§ Problem
Write the records out again exactly, but without pictures.

§ Task material
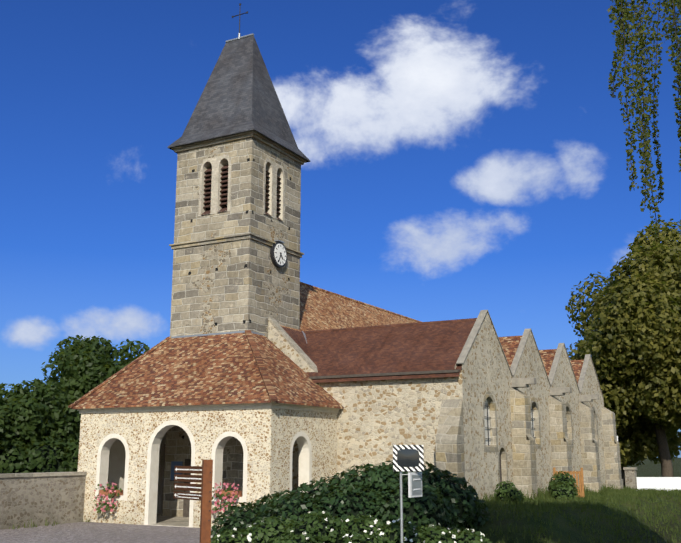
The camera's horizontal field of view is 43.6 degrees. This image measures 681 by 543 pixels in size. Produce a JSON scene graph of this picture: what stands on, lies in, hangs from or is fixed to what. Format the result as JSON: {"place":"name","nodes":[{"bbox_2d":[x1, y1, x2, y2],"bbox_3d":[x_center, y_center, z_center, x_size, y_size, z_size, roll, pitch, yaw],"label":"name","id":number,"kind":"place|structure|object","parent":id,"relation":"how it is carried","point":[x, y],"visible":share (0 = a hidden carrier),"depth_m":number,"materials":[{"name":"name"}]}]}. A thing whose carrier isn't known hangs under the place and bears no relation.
{"place":"outdoors","nodes":[
{"label":"outdoors","id":0,"kind":"place"},
{"bbox_2d":[0,522,219,542],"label":"forecourt paving","id":1,"kind":"structure","parent":0,"point":[86,532],"depth_m":27.16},
{"bbox_2d":[162,130,306,516],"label":"church tower","id":2,"kind":"structure","parent":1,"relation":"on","point":[238,206],"depth_m":36.18,"materials":[{"name":"beige stone"}]},
{"bbox_2d":[167,3,309,161],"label":"spire","id":3,"kind":"structure","parent":2,"relation":"on","point":[239,94],"depth_m":38.29,"materials":[{"name":"black stone"}]},
{"bbox_2d":[270,240,286,267],"bbox_3d":[-2.668,-0.746,36.849,0.270,1.160,1.120,-6,-14,28],"label":"tower clock","id":4,"kind":"object","parent":2,"relation":"attached to","point":[278,253],"visible":0.9,"depth_m":36.70,"materials":[{"name":"grey"}]},
{"bbox_2d":[77,403,339,528],"bbox_3d":[-5.082,7.398,32.781,9.150,4.280,5.140,-6,-14,28],"label":"church porch","id":5,"kind":"object","parent":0,"point":[123,449],"visible":0.83,"depth_m":31.08,"materials":[{"name":"beige stone"}]},
{"bbox_2d":[93,482,241,514],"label":"flowers","id":6,"kind":"object","parent":5,"relation":"attached to","point":[234,493],"visible":0.98,"depth_m":29.35,"materials":[{"name":"pink plant"}]},
{"bbox_2d":[68,330,343,408],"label":"porch roof","id":7,"kind":"structure","parent":5,"relation":"on","point":[242,367],"depth_m":32.55,"materials":[{"name":"tile"}]},
{"bbox_2d":[0,0,680,457],"label":"sky","id":8,"kind":"structure","parent":0,"point":[467,158],"materials":[{"name":"blue"}]},
{"bbox_2d":[471,491,680,542],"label":"lawn bank","id":9,"kind":"structure","parent":0,"point":[561,522],"depth_m":25.52,"materials":[{"name":"green plant"}]},
{"bbox_2d":[9,484,680,542],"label":"grass tufts","id":10,"kind":"object","parent":9,"relation":"on","point":[540,501],"visible":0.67,"depth_m":30.02,"materials":[{"name":"green plant"}]},
{"bbox_2d":[211,460,490,540],"bbox_3d":[0.426,6.536,23.986,8.218,2.483,4.369,1,-12,-6],"label":"shrub","id":11,"kind":"object","parent":9,"relation":"on","point":[446,502],"visible":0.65,"depth_m":23.37,"materials":[{"name":"green plant"}]},
{"bbox_2d":[494,480,524,503],"bbox_3d":[6.097,8.073,30.913,0.941,0.936,1.442,2,-12,-11],"label":"bush","id":12,"kind":"object","parent":9,"relation":"on","point":[505,491],"visible":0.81,"depth_m":30.65,"materials":[{"name":"green plant"}]},
{"bbox_2d":[548,471,577,499],"bbox_3d":[9.236,8.933,35.381,1.276,1.276,2.459,-3,-12,12],"label":"bush","id":13,"kind":"object","parent":9,"relation":"on","point":[561,485],"visible":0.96,"depth_m":34.80,"materials":[{"name":"green plant"}]},
{"bbox_2d":[553,467,584,496],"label":"wooden gate","id":14,"kind":"structure","parent":9,"relation":"on","point":[581,484],"depth_m":36.49,"materials":[{"name":"brown wood"}]},
{"bbox_2d":[616,436,680,490],"bbox_3d":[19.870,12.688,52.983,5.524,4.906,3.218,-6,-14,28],"label":"wall","id":15,"kind":"structure","parent":9,"relation":"on","point":[632,479],"depth_m":52.52,"materials":[{"name":"stone"}]},
{"bbox_2d":[627,458,680,476],"bbox_3d":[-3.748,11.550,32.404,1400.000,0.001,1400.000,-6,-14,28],"label":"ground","id":16,"kind":"structure","parent":0,"point":[649,468],"depth_m":237.19,"materials":[{"name":"green plant"}]},
{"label":"terrain","id":17,"kind":"structure","parent":0,"visible":0},
{"bbox_2d":[0,386,50,454],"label":"tree","id":18,"kind":"object","parent":17,"relation":"on","point":[13,423],"visible":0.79,"depth_m":39.97,"materials":[{"name":"green plant"}]},
{"bbox_2d":[0,436,78,473],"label":"hedge","id":19,"kind":"object","parent":17,"relation":"on","point":[44,456],"visible":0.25,"depth_m":39.19,"materials":[{"name":"green plant"}]},
{"bbox_2d":[0,378,80,444],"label":"tree","id":20,"kind":"object","parent":17,"relation":"on","point":[63,425],"visible":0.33,"depth_m":42.41,"materials":[{"name":"green plant"}]},
{"bbox_2d":[0,472,86,529],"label":"boundary wall","id":21,"kind":"structure","parent":17,"relation":"on","point":[39,499],"depth_m":30.51,"materials":[{"name":"stone"}]},
{"bbox_2d":[41,335,149,424],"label":"tree","id":22,"kind":"object","parent":17,"relation":"on","point":[87,365],"visible":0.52,"depth_m":47.27,"materials":[{"name":"green plant"}]},
{"bbox_2d":[173,460,212,542],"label":"direction sign post","id":23,"kind":"object","parent":17,"relation":"on","point":[204,487],"visible":1,"depth_m":12.04,"materials":[{"name":"brown wood"}]},
{"bbox_2d":[268,317,317,492],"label":"nave walls","id":24,"kind":"structure","parent":17,"relation":"on","point":[281,339],"depth_m":34.87,"materials":[{"name":"beige stone"}]},
{"bbox_2d":[280,282,420,357],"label":"nave roof","id":25,"kind":"structure","parent":24,"relation":"on","point":[321,309],"depth_m":45.16,"materials":[{"name":"brown tile"}]},
{"bbox_2d":[211,511,491,542],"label":"rose bushes","id":26,"kind":"object","parent":17,"relation":"on","point":[312,528],"visible":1,"depth_m":19.52,"materials":[{"name":"green plant"}]},
{"bbox_2d":[393,445,423,542],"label":"traffic mirror","id":27,"kind":"object","parent":17,"relation":"on","point":[408,457],"visible":1,"depth_m":17.73,"materials":[{"name":"silver metal"}]},
{"bbox_2d":[309,310,622,499],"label":"aisle walls","id":28,"kind":"structure","parent":17,"relation":"on","point":[488,419],"depth_m":33.56,"materials":[{"name":"beige stone"}]},
{"bbox_2d":[303,318,583,383],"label":"aisle roofs","id":29,"kind":"structure","parent":28,"relation":"on","point":[423,346],"depth_m":34.26,"materials":[{"name":"brown tile"}]},
{"bbox_2d":[565,218,680,476],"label":"tree","id":30,"kind":"object","parent":17,"relation":"on","point":[630,333],"visible":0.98,"depth_m":61.90,"materials":[{"name":"green plant"}]},
{"bbox_2d":[604,392,680,486],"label":"tree","id":31,"kind":"object","parent":17,"relation":"on","point":[637,440],"visible":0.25,"depth_m":65.77,"materials":[{"name":"green plant"}]},
{"bbox_3d":[6.321,-9.787,7.473,10.991,6.392,10.888,-6,-14,28],"label":"birch","id":32,"kind":"object","parent":17,"relation":"on","visible":0},
{"bbox_2d":[607,0,680,237],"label":"hanging branches","id":33,"kind":"object","parent":32,"relation":"attached to","point":[625,14],"visible":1,"depth_m":7.90,"materials":[{"name":"green plant"}]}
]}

§ Result of the task
The camera's horizontal field of view is 43.6 degrees. This image measures 681 by 543 pixels in size. Produce a JSON scene graph of this picture: what stands on, lies in, hangs from or is fixed to what. Format the result as JSON: {"place":"name","nodes":[{"bbox_2d":[x1, y1, x2, y2],"bbox_3d":[x_center, y_center, z_center, x_size, y_size, z_size, roll, pitch, yaw],"label":"name","id":number,"kind":"place|structure|object","parent":id,"relation":"how it is carried","point":[x, y],"visible":share (0 = a hidden carrier),"depth_m":number,"materials":[{"name":"name"}]}]}. A thing whose carrier isn't known hangs under the place and bears no relation.
{"place":"outdoors","nodes":[
{"label":"outdoors","id":0,"kind":"place"},
{"bbox_2d":[0,522,219,542],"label":"forecourt paving","id":1,"kind":"structure","parent":0,"point":[86,532],"depth_m":27.16},
{"bbox_2d":[162,130,306,516],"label":"church tower","id":2,"kind":"structure","parent":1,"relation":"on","point":[238,206],"depth_m":36.18,"materials":[{"name":"beige stone"}]},
{"bbox_2d":[167,3,309,161],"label":"spire","id":3,"kind":"structure","parent":2,"relation":"on","point":[239,94],"depth_m":38.29,"materials":[{"name":"black stone"}]},
{"bbox_2d":[270,240,286,267],"bbox_3d":[-2.668,-0.746,36.849,0.270,1.160,1.120,-6,-14,28],"label":"tower clock","id":4,"kind":"object","parent":2,"relation":"attached to","point":[278,253],"visible":0.9,"depth_m":36.70,"materials":[{"name":"grey"}]},
{"bbox_2d":[77,403,339,528],"bbox_3d":[-5.082,7.398,32.781,9.150,4.280,5.140,-6,-14,28],"label":"church porch","id":5,"kind":"object","parent":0,"point":[123,449],"visible":0.83,"depth_m":31.08,"materials":[{"name":"beige stone"}]},
{"bbox_2d":[93,482,241,514],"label":"flowers","id":6,"kind":"object","parent":5,"relation":"attached to","point":[234,493],"visible":0.98,"depth_m":29.35,"materials":[{"name":"pink plant"}]},
{"bbox_2d":[68,330,343,408],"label":"porch roof","id":7,"kind":"structure","parent":5,"relation":"on","point":[242,367],"depth_m":32.55,"materials":[{"name":"tile"}]},
{"bbox_2d":[0,0,680,457],"label":"sky","id":8,"kind":"structure","parent":0,"point":[467,158],"materials":[{"name":"blue"}]},
{"bbox_2d":[471,491,680,542],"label":"lawn bank","id":9,"kind":"structure","parent":0,"point":[561,522],"depth_m":25.52,"materials":[{"name":"green plant"}]},
{"bbox_2d":[9,484,680,542],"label":"grass tufts","id":10,"kind":"object","parent":9,"relation":"on","point":[540,501],"visible":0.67,"depth_m":30.02,"materials":[{"name":"green plant"}]},
{"bbox_2d":[211,460,490,540],"bbox_3d":[0.426,6.536,23.986,8.218,2.483,4.369,1,-12,-6],"label":"shrub","id":11,"kind":"object","parent":9,"relation":"on","point":[446,502],"visible":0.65,"depth_m":23.37,"materials":[{"name":"green plant"}]},
{"bbox_2d":[494,480,524,503],"bbox_3d":[6.097,8.073,30.913,0.941,0.936,1.442,2,-12,-11],"label":"bush","id":12,"kind":"object","parent":9,"relation":"on","point":[505,491],"visible":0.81,"depth_m":30.65,"materials":[{"name":"green plant"}]},
{"bbox_2d":[548,471,577,499],"bbox_3d":[9.236,8.933,35.381,1.276,1.276,2.459,-3,-12,12],"label":"bush","id":13,"kind":"object","parent":9,"relation":"on","point":[561,485],"visible":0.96,"depth_m":34.80,"materials":[{"name":"green plant"}]},
{"bbox_2d":[553,467,584,496],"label":"wooden gate","id":14,"kind":"structure","parent":9,"relation":"on","point":[581,484],"depth_m":36.49,"materials":[{"name":"brown wood"}]},
{"bbox_2d":[616,436,680,490],"bbox_3d":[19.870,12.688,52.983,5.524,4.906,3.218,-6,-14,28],"label":"wall","id":15,"kind":"structure","parent":9,"relation":"on","point":[632,479],"depth_m":52.52,"materials":[{"name":"stone"}]},
{"bbox_2d":[627,458,680,476],"bbox_3d":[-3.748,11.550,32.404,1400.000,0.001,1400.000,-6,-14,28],"label":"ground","id":16,"kind":"structure","parent":0,"point":[649,468],"depth_m":237.19,"materials":[{"name":"green plant"}]},
{"label":"terrain","id":17,"kind":"structure","parent":0,"visible":0},
{"bbox_2d":[0,386,50,454],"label":"tree","id":18,"kind":"object","parent":17,"relation":"on","point":[13,423],"visible":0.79,"depth_m":39.97,"materials":[{"name":"green plant"}]},
{"bbox_2d":[0,436,78,473],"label":"hedge","id":19,"kind":"object","parent":17,"relation":"on","point":[44,456],"visible":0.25,"depth_m":39.19,"materials":[{"name":"green plant"}]},
{"bbox_2d":[0,378,80,444],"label":"tree","id":20,"kind":"object","parent":17,"relation":"on","point":[63,425],"visible":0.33,"depth_m":42.41,"materials":[{"name":"green plant"}]},
{"bbox_2d":[0,472,86,529],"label":"boundary wall","id":21,"kind":"structure","parent":17,"relation":"on","point":[39,499],"depth_m":30.51,"materials":[{"name":"stone"}]},
{"bbox_2d":[41,335,149,424],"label":"tree","id":22,"kind":"object","parent":17,"relation":"on","point":[87,365],"visible":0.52,"depth_m":47.27,"materials":[{"name":"green plant"}]},
{"bbox_2d":[173,460,212,542],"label":"direction sign post","id":23,"kind":"object","parent":17,"relation":"on","point":[204,487],"visible":1,"depth_m":12.04,"materials":[{"name":"brown wood"}]},
{"bbox_2d":[268,317,317,492],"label":"nave walls","id":24,"kind":"structure","parent":17,"relation":"on","point":[281,339],"depth_m":34.87,"materials":[{"name":"beige stone"}]},
{"bbox_2d":[280,282,420,357],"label":"nave roof","id":25,"kind":"structure","parent":24,"relation":"on","point":[321,309],"depth_m":45.16,"materials":[{"name":"brown tile"}]},
{"bbox_2d":[211,511,491,542],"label":"rose bushes","id":26,"kind":"object","parent":17,"relation":"on","point":[312,528],"visible":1,"depth_m":19.52,"materials":[{"name":"green plant"}]},
{"bbox_2d":[393,445,423,542],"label":"traffic mirror","id":27,"kind":"object","parent":17,"relation":"on","point":[408,457],"visible":1,"depth_m":17.73,"materials":[{"name":"silver metal"}]},
{"bbox_2d":[309,310,622,499],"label":"aisle walls","id":28,"kind":"structure","parent":17,"relation":"on","point":[488,419],"depth_m":33.56,"materials":[{"name":"beige stone"}]},
{"bbox_2d":[303,318,583,383],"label":"aisle roofs","id":29,"kind":"structure","parent":28,"relation":"on","point":[423,346],"depth_m":34.26,"materials":[{"name":"brown tile"}]},
{"bbox_2d":[565,218,680,476],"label":"tree","id":30,"kind":"object","parent":17,"relation":"on","point":[630,333],"visible":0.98,"depth_m":61.90,"materials":[{"name":"green plant"}]},
{"bbox_2d":[604,392,680,486],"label":"tree","id":31,"kind":"object","parent":17,"relation":"on","point":[637,440],"visible":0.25,"depth_m":65.77,"materials":[{"name":"green plant"}]},
{"bbox_3d":[6.321,-9.787,7.473,10.991,6.392,10.888,-6,-14,28],"label":"birch","id":32,"kind":"object","parent":17,"relation":"on","visible":0},
{"bbox_2d":[607,0,680,237],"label":"hanging branches","id":33,"kind":"object","parent":32,"relation":"attached to","point":[625,14],"visible":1,"depth_m":7.90,"materials":[{"name":"green plant"}]}
]}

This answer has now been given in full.